# MSN chatlog question???



## BiteMe (Mar 13, 2008)

Hi, Im not sure if you guys can help me with a question about MSN chatlogs.
I wouldn't even know on what board to post my question lol.:laugh:

If there's anybody here who knows a lot about MSN and specifically the chatlogs, please let me know where I can post my question :smile:


----------



## Jack.Sparrow (Jan 22, 2007)

Hi there, Welcome to TSF :4-wave: 

Start off by posting here: http://www.techsupportforum.com/f10/

and if the mod's decide it's in the wrong section, they'll move it to the correct place :smile: 

If it's a simple question, post it here and maybe someone might be able to help you out.


----------



## Done_Fishin (Oct 10, 2006)

basically any question you ask will be looked at on the merits of the question .. I use MSN and I have checked my Chat History that I have had with family members so I have an inkling of what you may POSSIBLY mean ... why not just throw your question in and see what answers you get.


----------



## BiteMe (Mar 13, 2008)

Ehm I doubt its an easy question lol.

Its about a courtcase where the only evidence there is, are MSN chatlogs. Problem is, they have been modified to make it look good for the prosecution.
I just spoke to Microsoft and they admit that the logs are very easy to temper with.

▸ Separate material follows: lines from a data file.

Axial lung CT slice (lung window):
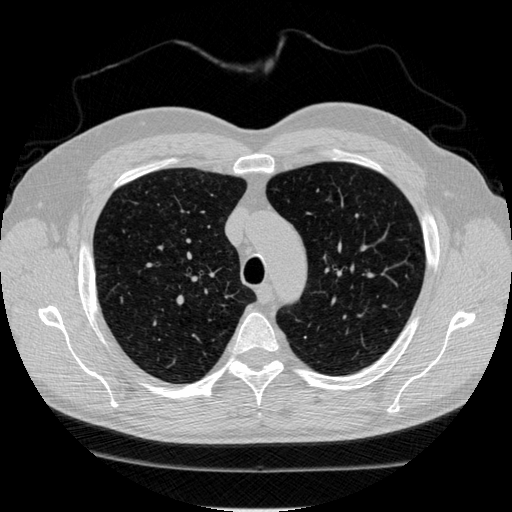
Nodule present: no
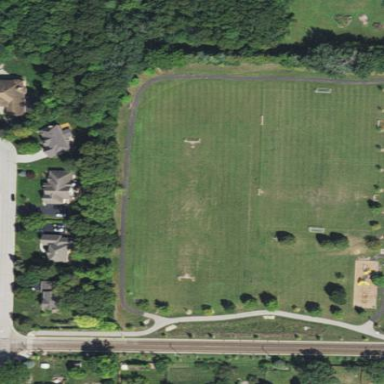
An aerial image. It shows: Soccer pitch for leisure land activities.
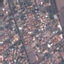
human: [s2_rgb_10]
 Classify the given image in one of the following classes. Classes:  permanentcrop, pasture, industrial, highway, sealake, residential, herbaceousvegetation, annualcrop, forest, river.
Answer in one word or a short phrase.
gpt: Residential
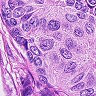
Metastatic tissue present: yes
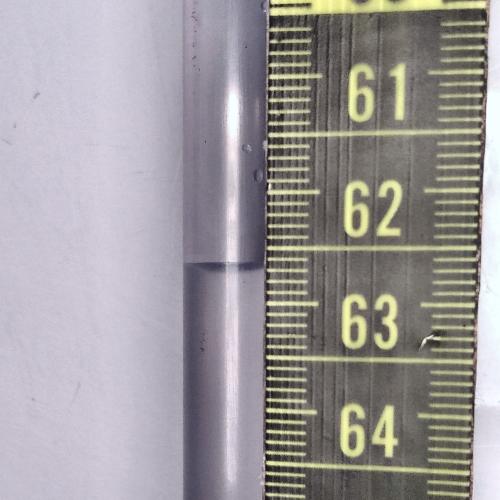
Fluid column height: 62.7 cm
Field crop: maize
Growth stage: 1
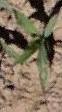
Species: maize
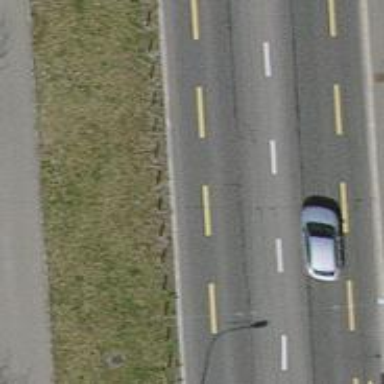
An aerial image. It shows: Bollard barrier.
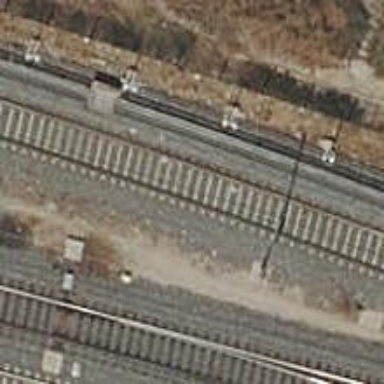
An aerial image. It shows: Rail yard with electrified contact lines for the trains.
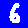
Digit: 6
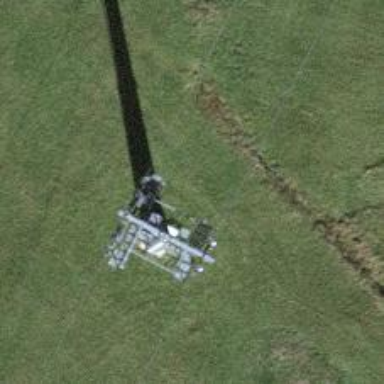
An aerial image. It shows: Pylon for aerialway.
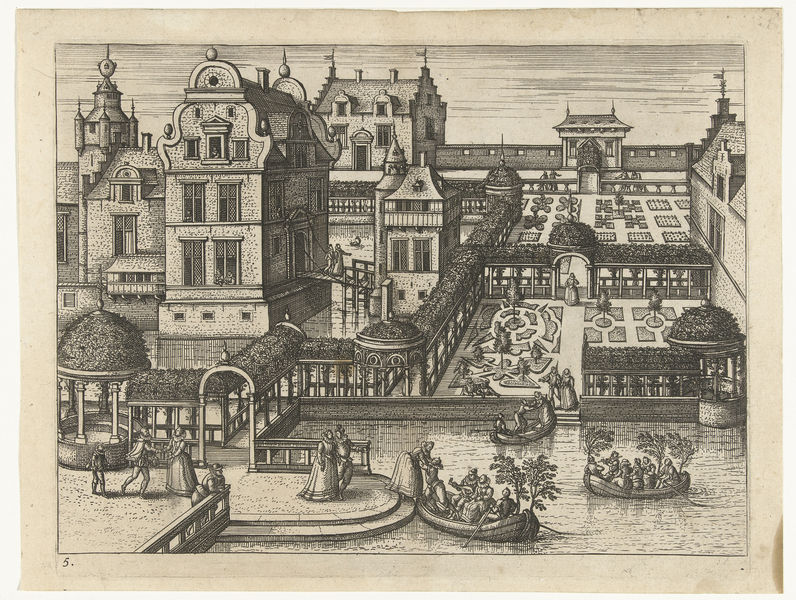
Titel: Boottocht
Künstler: Pieter van der (I) Borcht
Standort: Amsterdam
Institution: Rijksmuseum
Schlagwörter: baum, mann, wasser, bäume, frauen, stadt, frau, grau, männer, zeichnung, gebäude, haus, park, schloss, strauch, blatt, boot, boote, garten, papier, venedig, anlegen, foto, gang, stich, gärten, bote, laubengang, rondell, gartenanlage, buchsbaum, wassergraben, parkd
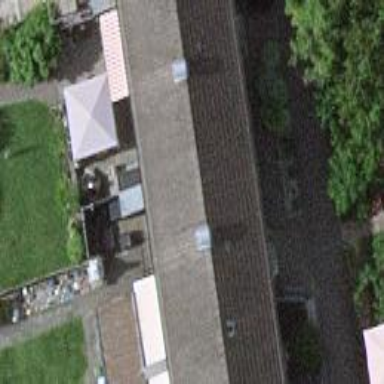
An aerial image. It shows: Gabled roofed apartments building with grey roof.
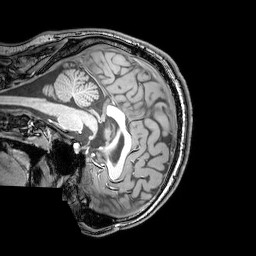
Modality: T1w
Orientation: sagittal
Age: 26
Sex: male
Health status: healthy
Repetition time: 0.081 s
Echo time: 0.037 s
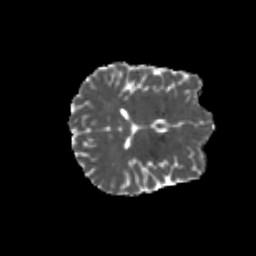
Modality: MD
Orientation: axial
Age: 20
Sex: female
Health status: healthy
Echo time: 0.074 s
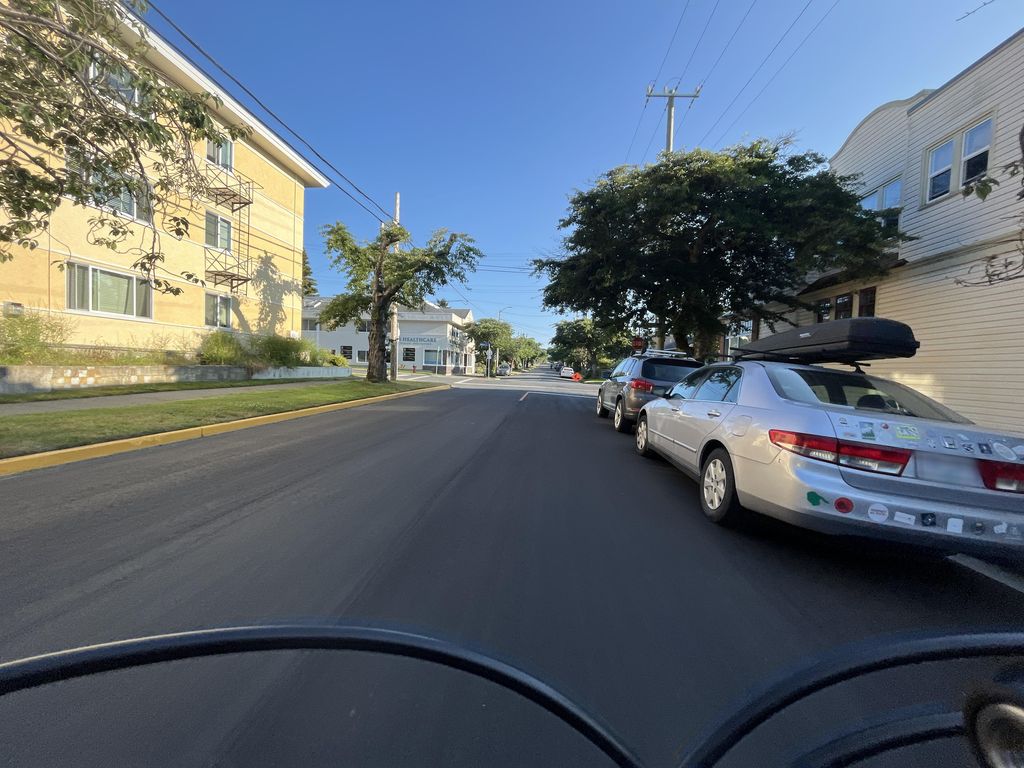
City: victoria
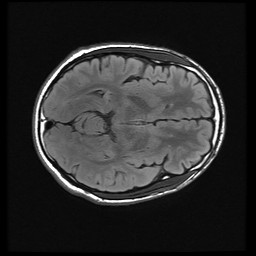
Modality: FLAIR
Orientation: axial
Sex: male
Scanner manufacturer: ge
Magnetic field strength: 3 T
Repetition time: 9 s
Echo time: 0.1213 s
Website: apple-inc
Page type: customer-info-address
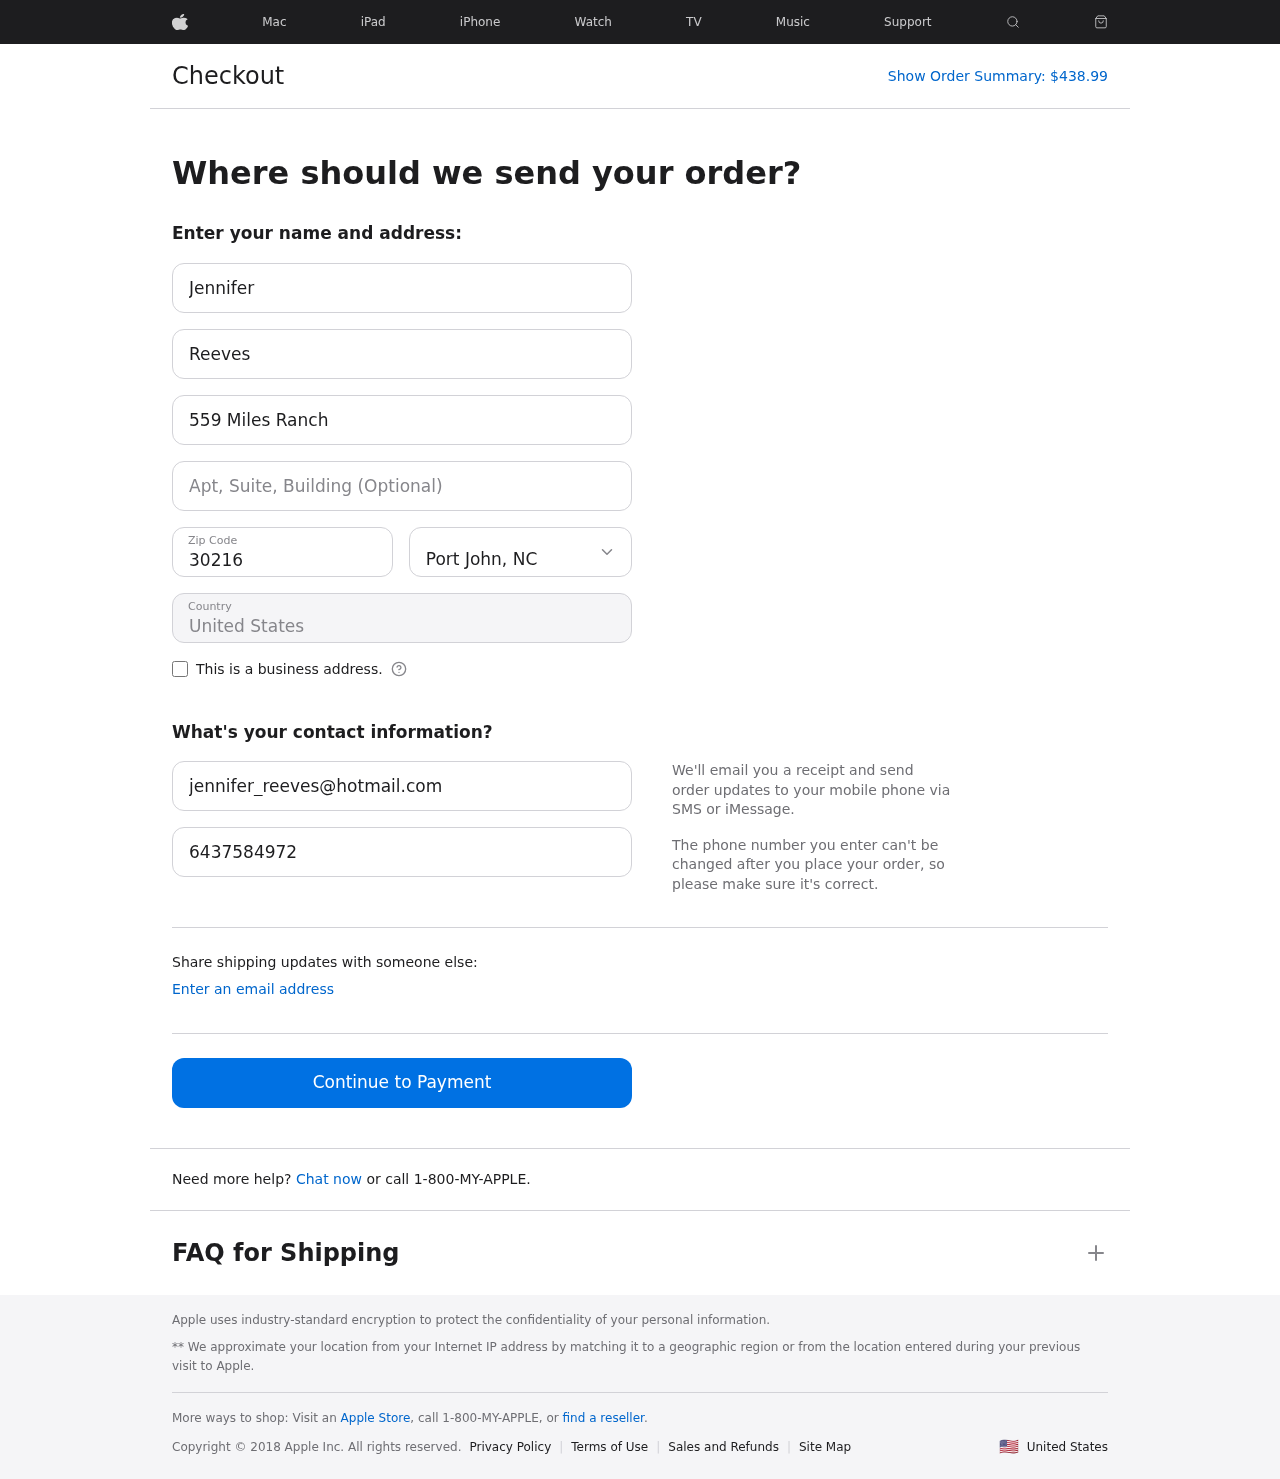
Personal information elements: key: PII_CITY_STATE
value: Port John, NC
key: PII_COUNTRY
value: United States
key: PII_EMAIL
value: jennifer_reeves@hotmail.com
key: PII_FIRSTNAME
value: Jennifer
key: PII_LASTNAME
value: Reeves
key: PII_PHONE
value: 6437584972
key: PII_POSTCODE
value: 30216
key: PII_STREET
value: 559 Miles Ranch
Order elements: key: ORDER_TOTAL
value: $438.99

However, I just cant figure it out. HOW can I alter chatlogs to make it look like someone said something that was not said :sigh:


----------



## BiteMe (Mar 13, 2008)

I understand. I dont want to get you guys into trouble lol. It was just a question to see IF someone could help me or not.
If not, well than I'll just have to keep looking. :mile:Thanks anyway and yeah please let me know if you can come up with something


----------



## Done_Fishin (Oct 10, 2006)

I doubt if anyone would allow those chatlogs be used as evidence .. like facsimiles and e-mails they are not secure or foolproof . The only document I ever heard of as being admissible in court was telex since you have to be in contact with the other telex and it can be proven .. all the rest is open to fraud and is usually dismissed in legal circles .. 

apart from that I WOULD NEVER PERSONALLY help any other person to commit a an act of fraud .. and as such I consider this discussion has ended and close it.


----------